**YOUR GOAL**
The data below should be copied out exactly, with its pictures omitted.

**INPUT DATA**
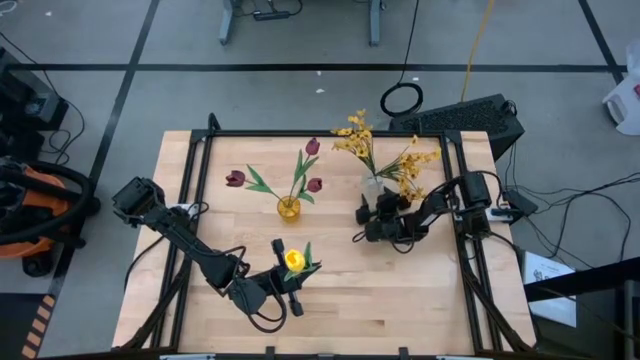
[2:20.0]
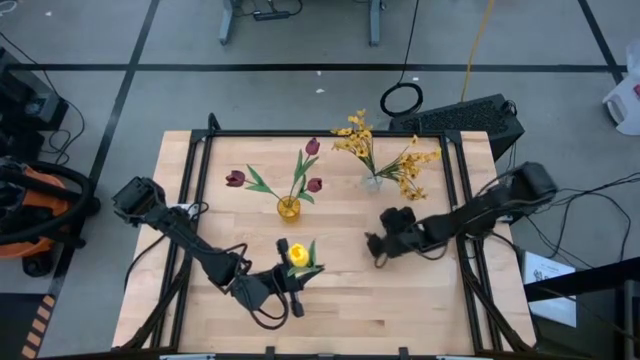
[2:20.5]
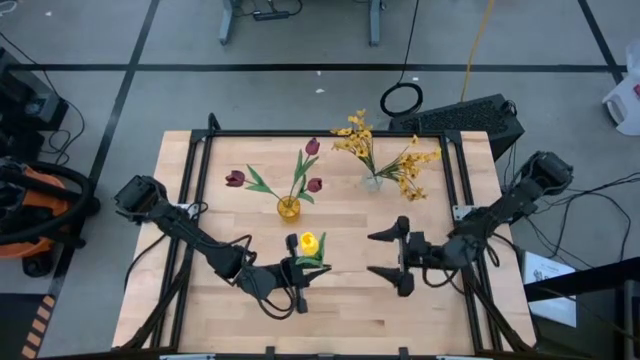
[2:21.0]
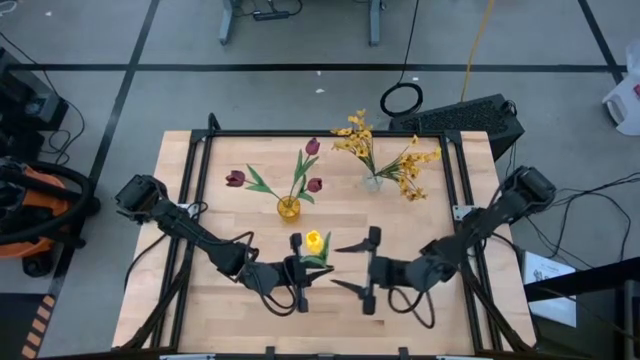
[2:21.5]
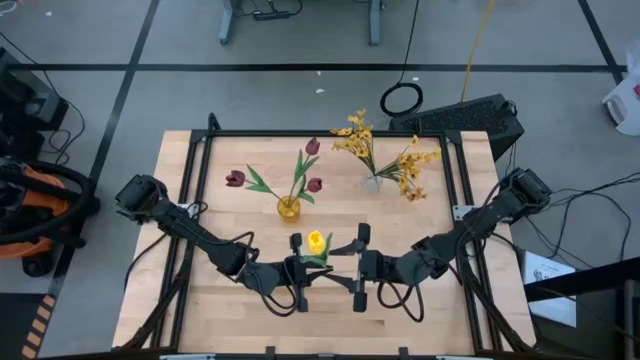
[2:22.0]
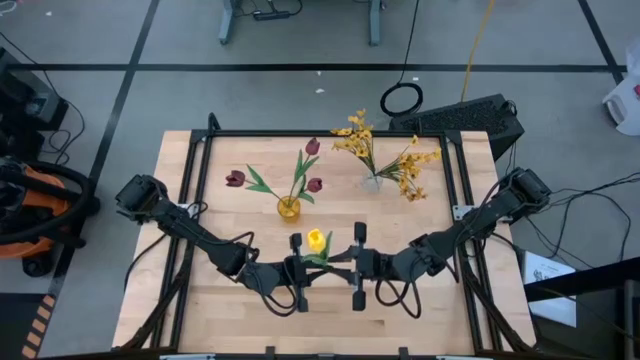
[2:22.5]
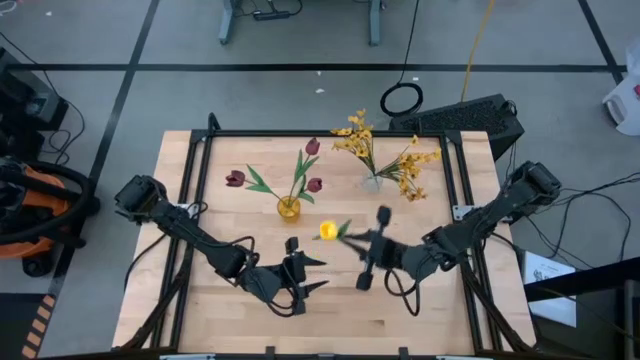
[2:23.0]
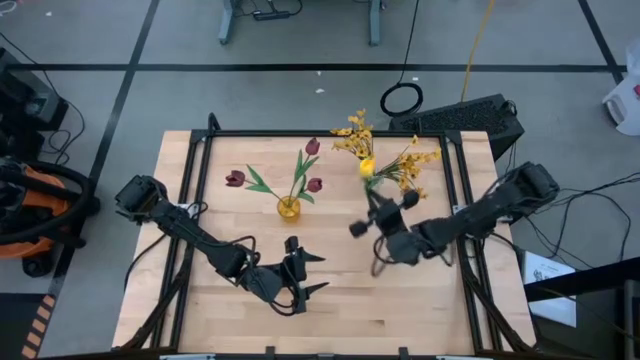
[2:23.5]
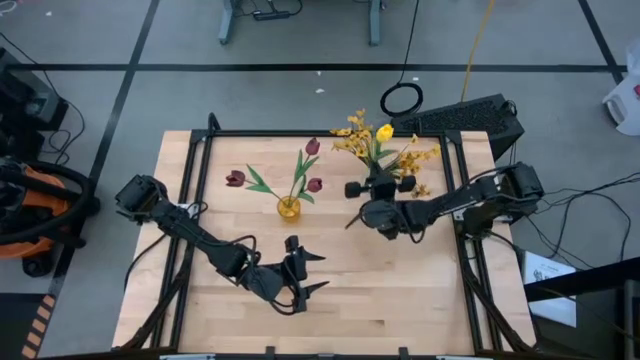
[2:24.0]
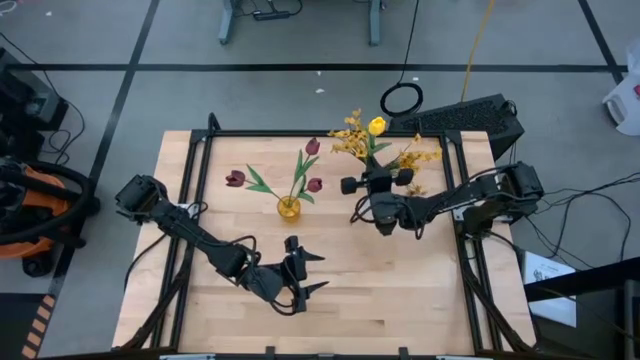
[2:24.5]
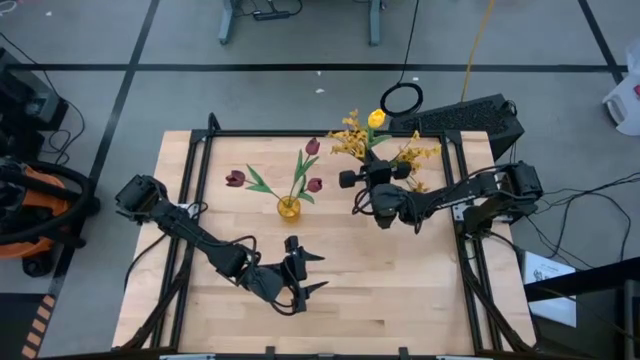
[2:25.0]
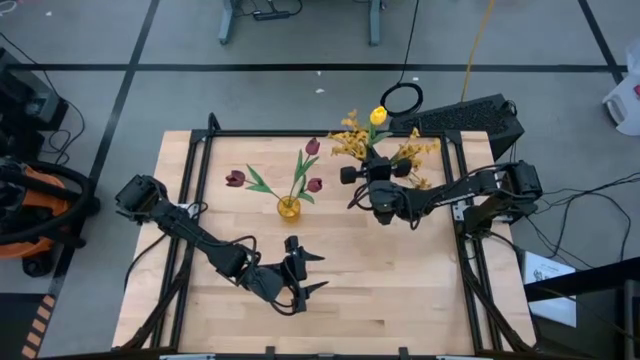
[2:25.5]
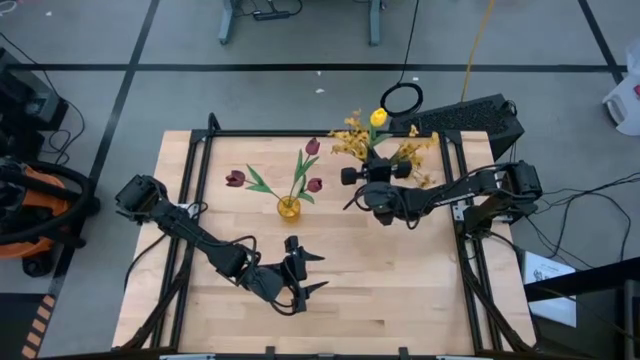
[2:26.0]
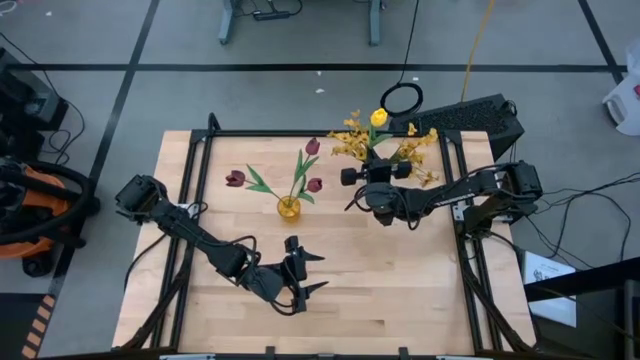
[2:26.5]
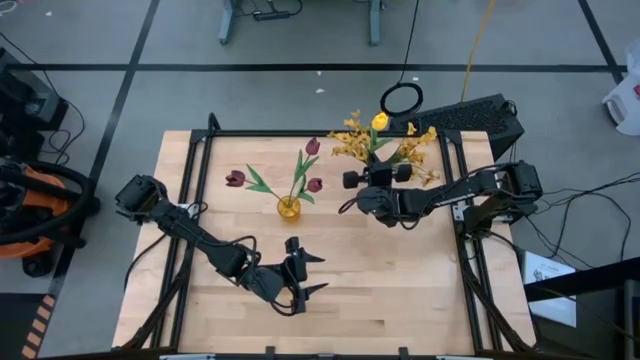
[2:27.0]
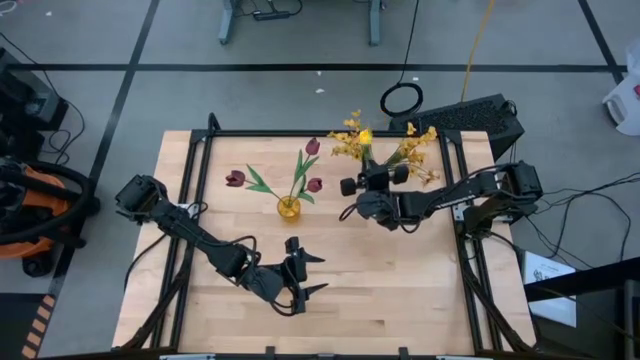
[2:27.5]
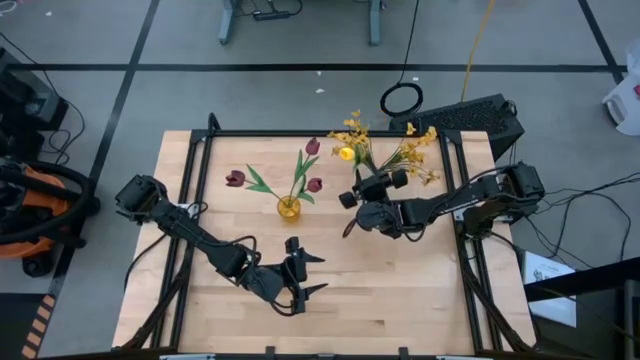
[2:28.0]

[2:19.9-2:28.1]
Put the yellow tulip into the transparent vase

**OUTPUT BELOW**
[2:20.0]
[2:20.5]
[2:21.0]
[2:21.5]
[2:22.0]
[2:22.5]
[2:23.0]
[2:23.5]
[2:24.0]
[2:24.5]
[2:25.0]
[2:25.5]
[2:26.0]
[2:26.5]
[2:27.0]
[2:27.5]
[2:28.0]

[2:19.9-2:28.1]
Put the yellow tulip into the transparent vase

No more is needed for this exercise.